Boto3 Reference: Link
Example
glue_job_operator = StartGlueJobRunOperator(
task_id='glue_job_operator',
job_name='airflow',
polling_interval=10,
dag=dag
)
Operator responsible for starting and monitoring Glue workflows.
Parameters
workflow_name (string) [REQUIRED]: the name of the Glue workflow to start and monitor
polling_interval (integer) (default: 10) -- time interval, in seconds, to check the status of the job
Boto3 Reference: Link
Example
glue_workflow_operator = StartGlueWorkflowRunOperator(
task_id='glue_workflow_operator',
workflow_name='airflow',
polling_interval=10,
dag=dag
)
Operator responsible for starting and monitoring Glue crawlers.
Parameters
crawler_name (string) [REQUIRED]: the name of the Glue crawler to start and monitor
polling_interval (integer) (default: 10) -- time interval, in seconds, to check the status of the job
Boto3 Reference: Link
Example
glue_crawler_operator = StartGlueCrawlerOperator(
task_id='glue_crawler_operator',
crawler_name='airflow',
polling_interval=10,
dag=dag
)
Operator responsible for starting AWS Glue triggers.
Parameters
trigger_name (string) [REQUIRED]: the name of the Glue trigger to start
Boto3 Reference: Link
Example
glue_trigger_operator = StartGlueTriggerOperator(
task_id='glue_trigger_operator',
trigger_name='airflow',
dag=dag
)
Operator responsible for starting a DMS replication task.
Parameters
replication_task_arn (string) [REQUIRED] -- The Amazon Resource Name (ARN) of the replication task to be started
start_replication_task_type (string) [REQUIRED] -- The type of replication task.
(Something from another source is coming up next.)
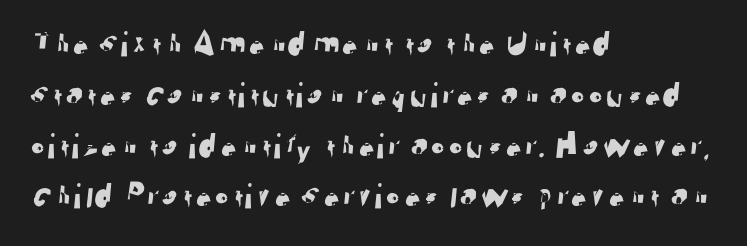
The face used here is proportionally spaced, like ordinary book or web type. Just letters on the line, the space beneath them empty. The passage shown stacks its lines at a standard gap. The tracking reads as untouched default to a designer's eye. Horizontal alignment here is leftward, the default for most running prose. I'd call this a sans setting — the letters go barefoot.
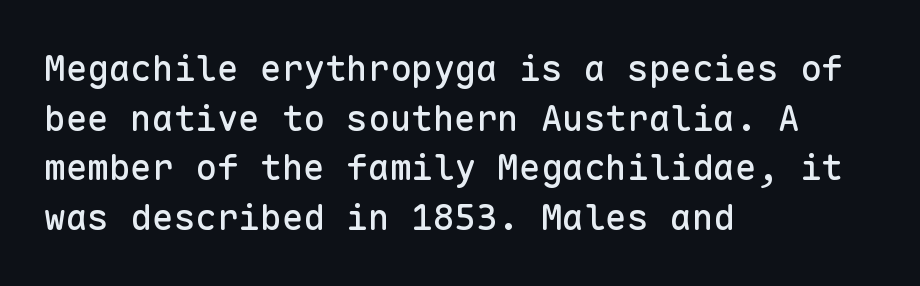
{"serif": "no", "italic": "no", "width": "normal", "stroke_contrast": "low", "x_height": "medium", "monospaced": "yes", "underline": "no", "align": "left", "line_spacing": "normal", "line_spacing_ratio": 1.38, "letter_spacing": "normal", "letter_spacing_em": 0.0, "glyph_px": 36}

Possible Values include start-replication, resume-processing, reload-target
polling_interval (integer) (default: 10) -- time interval, in seconds, to check the status of the job
cdc_start_time (datetime) -- Indicates the start time for a change data capture (CDC) operation. Use either CdcStartTime or CdcStartPosition to specify when you want a CDC operation to start. Specifying both values results in an error.
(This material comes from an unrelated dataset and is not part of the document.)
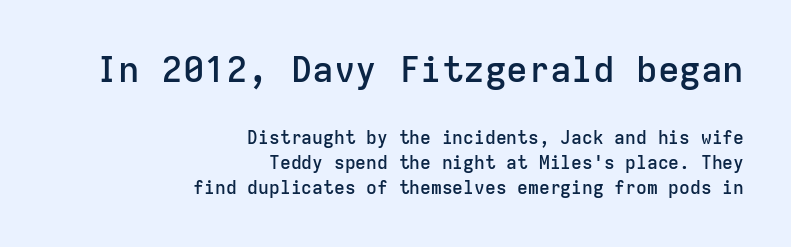
The image shows 36 px semibold sans-serif type, upright, monospaced; set right-aligned, normal line spacing (1.39x), normal letter spacing, not underlined; the first (top) block is 2.0x larger; low stroke contrast and a medium x-height.

cdc_start_position (string) -- Indicates when you want a change data capture (CDC) operation to start. Use either CdcStartPosition or CdcStartTime to specify when you want a CDC operation to start. Specifying both values results in an error.
cdc_stop_position (string) -- Indicates when you want a change data capture (CDC) operation to stop. The value can be either server time or commit time.
Boto3 Reference: Link
Example
dms_replication_task_operator = StartDMSReplicationTaskOperator(
task_id='dms_replication_task_operator',
replication_task_arn='airflow',
start_replication_task_type='start-replication',
polling_interval=10,
dag=dag
)